リストマーク 同潤会鶯谷アパートメント(1999年01月)

写真1.同潤会鶯谷アパートメント正面外観


 同潤会とは、関東大震災の時、国内外から集まった義損金の一部を元に、1924年(大正13年)内務省内部に作られた財団法人である。震災復興を目的とし、罹災者のための仮設住宅や木造建築を設立し、さらに東京・横浜住民のために、16にも及ぶ鉄筋コンクリート造りの集合住宅を建設した。

 同潤会アパートと呼ばれるこの集合住宅は、素材が鉄筋コンクリートであることや、電気・ガス・水道・ダストシュート・水洗便所といった、当時としては近代的な設備を持っていたことが特徴であった。

 同潤会鶯谷アパートは、JR鶯谷駅の近く、尾久橋通り沿いに面して建っていた。番地では、東京都荒川区東日暮里五丁目にあたる。現在は取り壊されてしまい、高層ビルが建っているはずだ。鶯谷アパートは、同潤会アパートの中では9番目に建設されたものであり、竣工は昭和4年となっている。アパートの敷地面積は815坪。この中に、三階建てのアパートが3棟建っていた。1つは「I」の字型であり、残りの2棟は「コ」の字型をしている。戸数は総計96戸であった。

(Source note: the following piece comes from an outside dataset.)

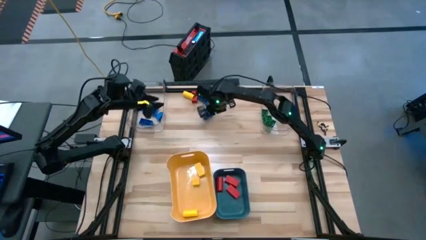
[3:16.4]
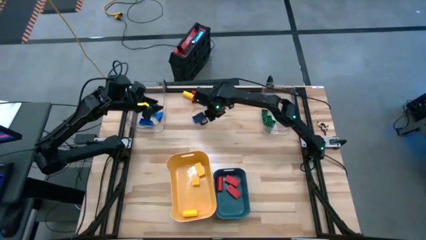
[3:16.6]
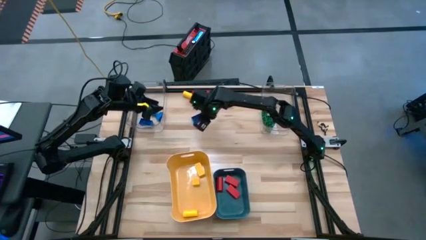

 建物の外壁は、ざらざらした材質(これをリシン掻き落としの外壁と呼ぶそうである)を使用しており、トイレと玄関には特徴的な丸窓が取り付けられている。庇は曲線を描いており、全体的にこじんまりとした造りである。建物の間には、落ち着いた雰囲気の中庭があり、たくさんの樹木が植えられ、手入れも行き届いている。同潤会アパートの壁の厚さは25cmと言われており、今のマンションの15cmよりも厚くなっているため、遮音は予想以上に良いということだ。また床にコルクを敷いているのも、特徴のひとつとなっていた。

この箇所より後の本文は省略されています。